A new update has been released for SteamOS

Oct 20, 2015 20:31 GMT  ·  By

Valve is moving much quicker now with the SteamOS updates, and it looks like its makers are trying to push fixes and improvements ahead of the November 10 launch for the Steam Machines.

We had a new SteamOS Beta release just a few days ago and now all those changes have been pushed into the stable branch. It used to take a lot longer than that before the updates went from Beta to Stable, but that's not true anymore. All the fixes in the Beta have been implemented, along with some security fixes.

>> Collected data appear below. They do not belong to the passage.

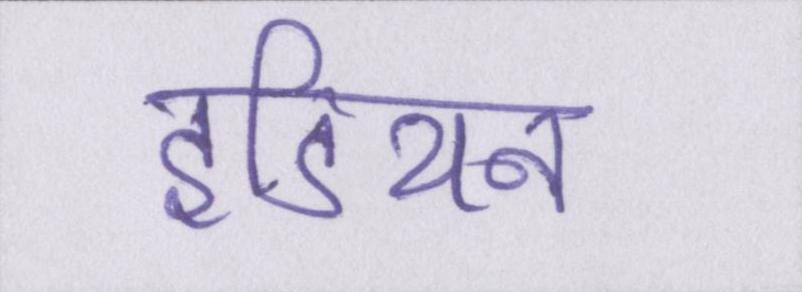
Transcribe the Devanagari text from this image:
इंडियन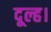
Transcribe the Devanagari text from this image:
दूल्ह।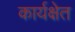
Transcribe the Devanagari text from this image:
कार्यक्षेत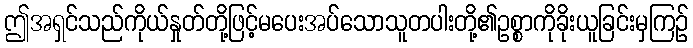
ဤအရှင်သည်ကိုယ်နှုတ်တို့ဖြင့်မပေးအပ်သောသူတပါးတို့၏ဥစ္စာကိုခိုးယူခြင်းမှကြဉ်

SteamOS 2.0 is now based on Debian 8.0 "Jessie," and from the looks of it this is the version that will ship with the Steam Machines. Valve has yet to confirm this in a more official manner, but they already changed the FAQ on the website, and they haven't touched the old version in quite a while.

What's new in SteamOS 2.0

The official version number for SteamOS 2.0 is 2.40, but if you have it installed, it doesn't really matter. All you need to know is that you'll be prompted to upgrade, and this is what changed.

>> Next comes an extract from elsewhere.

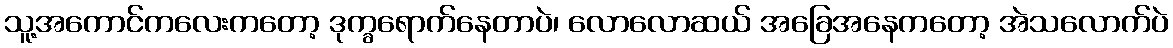
သူ့အကောင်ကလေးကတော့ ဒုက္ခရောက်နေတာပဲ၊ လောလောဆယ် အခြေအနေကတော့ အဲသလောက်ပဲ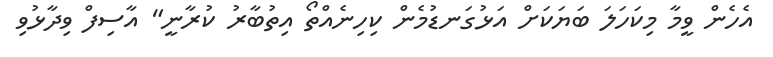
އެހެން ވީމާ މިކަހަލަ ބަޔަކަށް އަޅުގަނޑުމެން ކިހިނެއްތޯ އިތުބާރު ކުރާނީ" އާސިފް ވިދާޅުވި

"This update changes how future SteamOS updates are applied. We used to always apply pending SteamOS updates at shutdown. Now the user will have to explicitly acknowledge the Steam alert in order to apply the updates. With this release, installation on NVMe drives is now supported. A few packages have had their version numbers change to fix a bookkeeping problem," reads the announcement made by Valve.

As usual, you can download SteamOS right now from Softpedia and give it a try. You will have to install it, as there is no Live CD available. Also, the regular image will require a 1TB disk, but there is also a flavor that has a handy Debian installer.